Salvage-Radiation Therapy and Regional Hyperthermia for Biochemically Recurrent Prostate Cancer after Radical Prostatectomy (Results of the Planned Interim Analysis)

  • Marcus Beck,
  • Pirus Ghadjar,
  • Felix Mehrhof,
  • Daniel Zips,
  • Frank Paulsen,
  • Daniel Wegener,
  • Susen Burock,
  • David Kaul,
  • Carmen Stromberger,
  • Jacek Nadobny,
  • Oliver J. Ott,
  • Rainer Fietkau,
  • Volker Budach,
  • Peter Wust,
  • Arndt-Christian Müller,
  • Sebastian Zschaeck

DOI
https://doi.org/10.3390/cancers13051133
Journal volume & issue
Vol. 13, no. 5
p. 1133

Abstract

Read online

Efforts to improve the outcome of prostate cancer (PC) patients after radical prostatectomy (RP) include adjuvant or salvage radiation therapy (SRT), but still up to 50% of patients develop a disease progression after radiotherapy (RT). Regional hyperthermia (HT) is well-known to improve tumor sensitivity to RT in several entities. Here we report on a planned interim analysis of tolerability and feasibility after recruitment of the first 50 patients of a trial combining SRT and HT. We conducted a prospective multicenter non-randomized Phase-II-Trial (HTProstate-NCT04159051) investigating the implementation of combined moderate-dose escalated SRT (70 Gy in 35 fractions) and locoregional deep HT (7–10 HT sessions). The primary endpoints were the rate of acute genitourinary (GU), gastrointestinal (GI), and HT-related toxicities, completed HT sessions (≥7), and SRT applications per protocol (≥95% of patients).

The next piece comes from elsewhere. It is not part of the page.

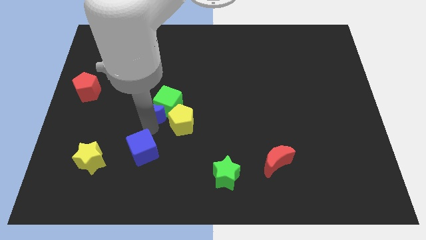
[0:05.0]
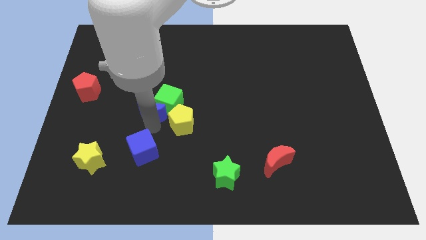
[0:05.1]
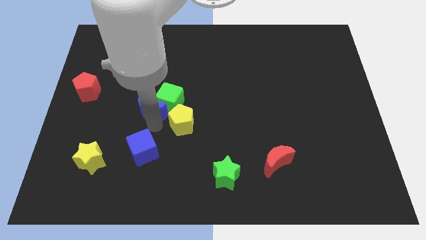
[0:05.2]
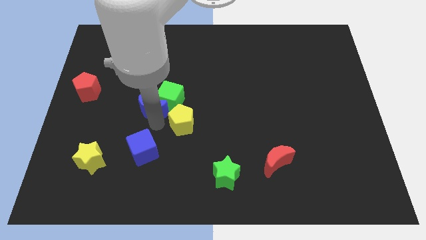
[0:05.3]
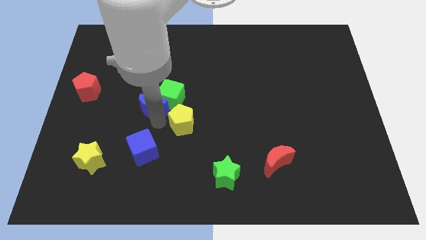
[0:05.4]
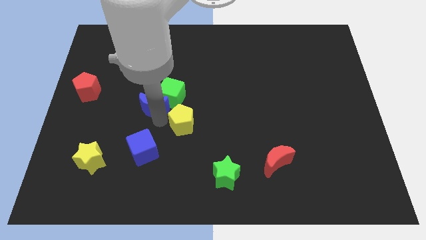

The two-step design included a planned interim analysis for acute GU-, GI- and HT-specific toxicities to ensure patients’ safety. Between November 2016 and December 2019, 52 patients entered into the trial. After 50 patients completed therapy and three months of follow-up, we performed the planned interim analysis. 10% of patients developed acute grade 2 GU and 4% grade 2 GI toxicities. No grade ≥3 GU or GI toxicities occurred. HT-specific symptoms grade 2 and 3 were observed in 4% and 2% of all patients. Thus, the pre-specified criteria for safety and continuation of recruitment were met. Moreover, ≥7 HT treatments were applicable, indicating the combination of SRT + HT to be feasible. Evaluation of early QoL showed no significant changes. With its observed low rate of GU and GI toxicities, moderate and manageable rates of HT-specific symptoms, and good feasibility, the combined SRT + HT seems to be a promising treatment approach for biochemical recurrence after RP in PC patients.